Betroffene Versionen und verfügbare Updates

Google hat die gepatchten Versionen über den Stable Desktop Channel ausgerollt. Konkret erhalten Windows-Nutzer die Version 149.0.7827.102, macOS-Nutzer die Version 149.0.7827.103 und Linux-Nutzer ebenfalls die Version 149.0.7827.102. Alle Versionen unterhalb dieser Nummern sind potenziell verwundbar. Google weist darauf hin, dass der Rollout je nach Region und System einige Tage bis Wochen in Anspruch nehmen kann – ein manueller Update-Check ist daher empfehlenswert. Dieser lässt sich über das Chrome-Menü unter Hilfe → Über Google Chrome anstoßen.

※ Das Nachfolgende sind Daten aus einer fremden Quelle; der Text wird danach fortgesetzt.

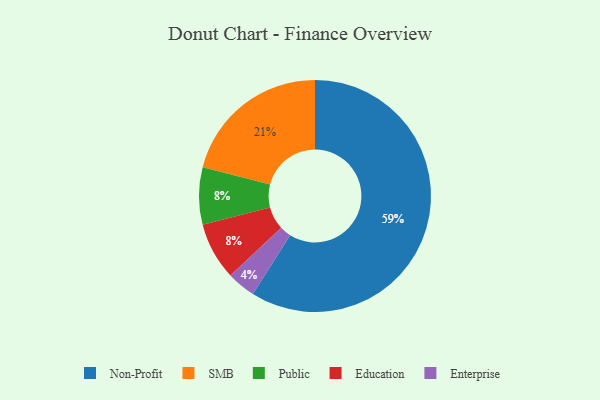
{"axis": {"x": "Category", "y": "Percentage"}, "legend": ["Education", "Enterprise", "Non-Profit", "Public", "SMB"], "data": [{"x": "Public", "y": 8, "type": "Public"}, {"x": "Non-Profit", "y": 59, "type": "Non-Profit"}, {"x": "SMB", "y": 21, "type": "SMB"}, {"x": "Education", "y": 8, "type": "Education"}, {"x": "Enterprise", "y": 4, "type": "Enterprise"}]}
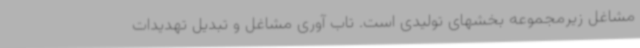
مشاغل زیرمجموعه بخشهای تولیدی است. تاب آوری مشاغل و تبدیل تهدیدات
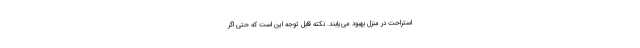
استراحت در منزل بهبود می‌یابند. نکته قابل توجه این است که حتی اگر
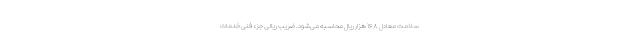
سلامت معادل ۱۶۸ هزار ریال محاسبه می‌شود. ضریب ریالی جزء فنی خدمات
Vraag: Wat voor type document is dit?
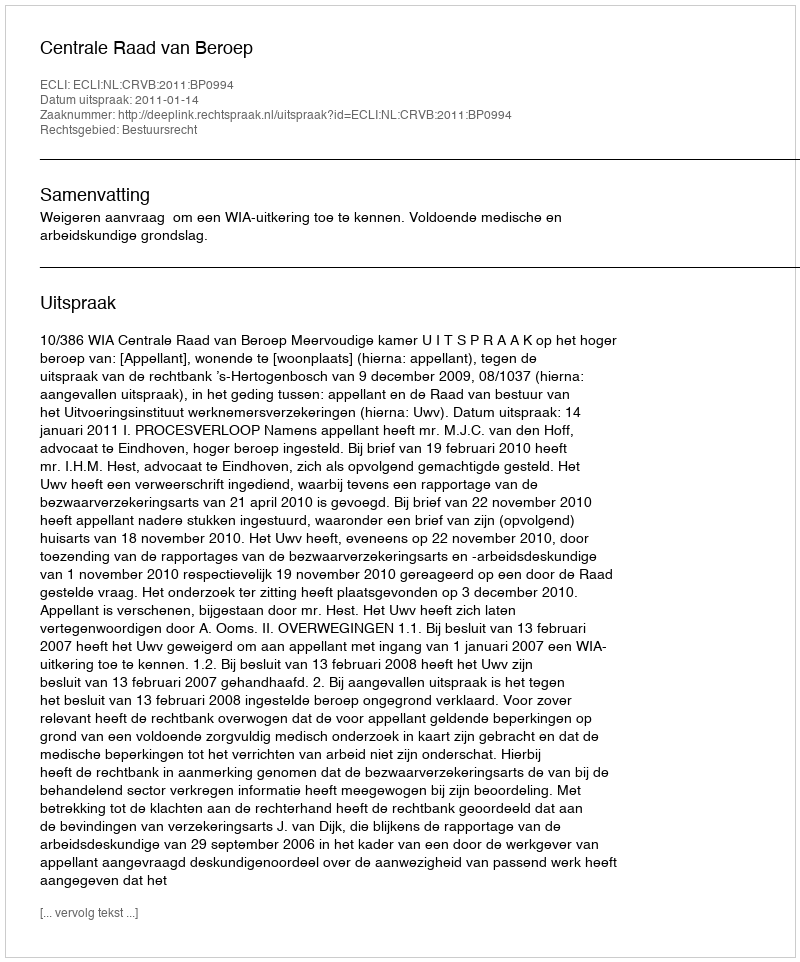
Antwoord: Uitspraak

55.000 Dollar Bounty für anonymen Forscher

Die Lücke wurde von einem Sicherheitsforscher unter dem Pseudonym „303f06e3" am 27. April an Google gemeldet. Für die Entdeckung und verantwortungsvolle Offenlegung erhielt der Forscher eine Bug-Bounty-Zahlung von 55.000 US-Dollar – eine Summe, die Googles hohe Einschätzung des Gefährdungspotenzials unterstreicht. Zwischen der Meldung und dem öffentlichen Patch lagen etwa sechs Wochen, was darauf hindeutet, dass die Entwicklung und das Testen des Fixes entsprechende Zeit in Anspruch nahm.

Einordnung: Chrome als dauerhaftes Angriffsziel

Die Häufung von Zero-Day-Patches ist besorgniserregend: Mit CVE-2026-11645 schließt Google bereits die fünfte aktiv ausgenutzte Schwachstelle allein im Jahr 2026. Das zeigt, dass Chrome trotz umfangreicher Sicherheitsmechanismen wie Sandboxing und regelmäßiger Audits ein attraktives Ziel für staatliche Akteure und kriminelle Gruppen bleibt. Die enorme Marktdominanz des Browsers – mit einem weltweiten Marktanteil von über 60 Prozent – macht ihn zur lohnendsten Angriffsfläche im Browser-Segment. Zum Vergleich: Mozilla Firefox und Apple Safari verzeichneten im gleichen Zeitraum deutlich weniger aktiv ausgenutzte Zero-Days, was jedoch auch ihrer geringeren Verbreitung geschuldet sein dürfte.

Für Nutzer und IT-Administratoren gilt: Sofortige Aktualisierung auf die neueste Chrome-Version ist unbedingt empfohlen. Unternehmen sollten zudem prüfen, ob ihre zentral verwalteten Browser-Installationen bereits den Patch erhalten haben, und gegebenenfalls den Update-Prozess manuell beschleunigen.